* [Aim of the task]: Your answer should be the full data, transcribed exactly, with no pictures in it.

* [Supplied material]:
==============================

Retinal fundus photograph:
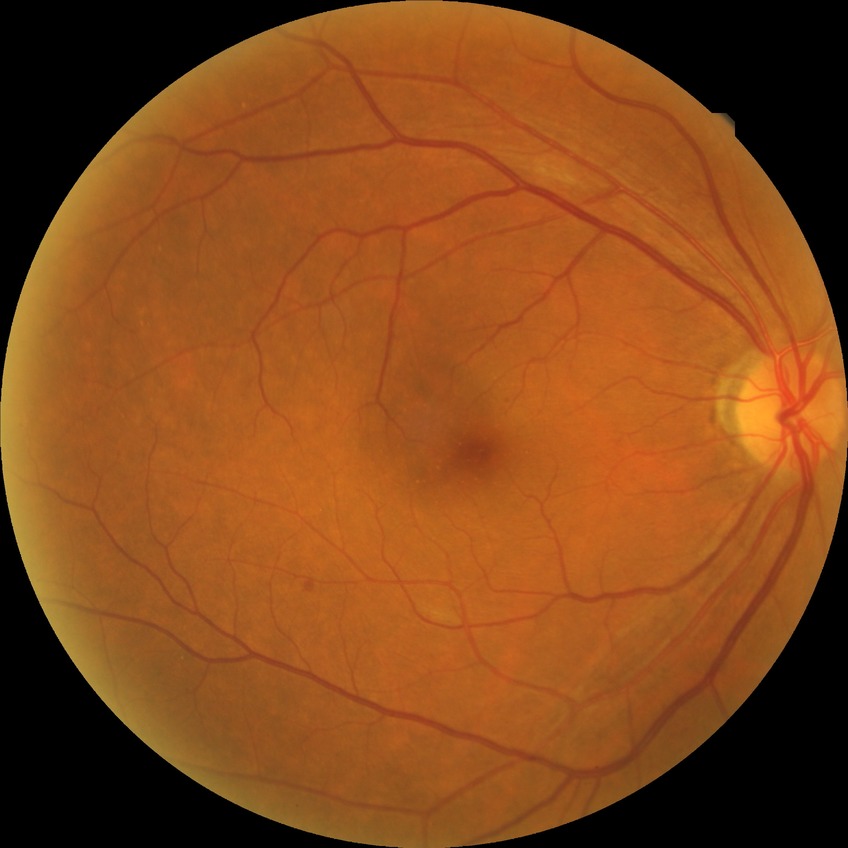 Assessment:
- DR class: non-proliferative diabetic retinopathy
- diabetic retinopathy (DR): simple diabetic retinopathy (SDR)

==============================

* [Output below]:
Retinal fundus photograph:
 Assessment:
- DR class: non-proliferative diabetic retinopathy
- diabetic retinopathy (DR): simple diabetic retinopathy (SDR)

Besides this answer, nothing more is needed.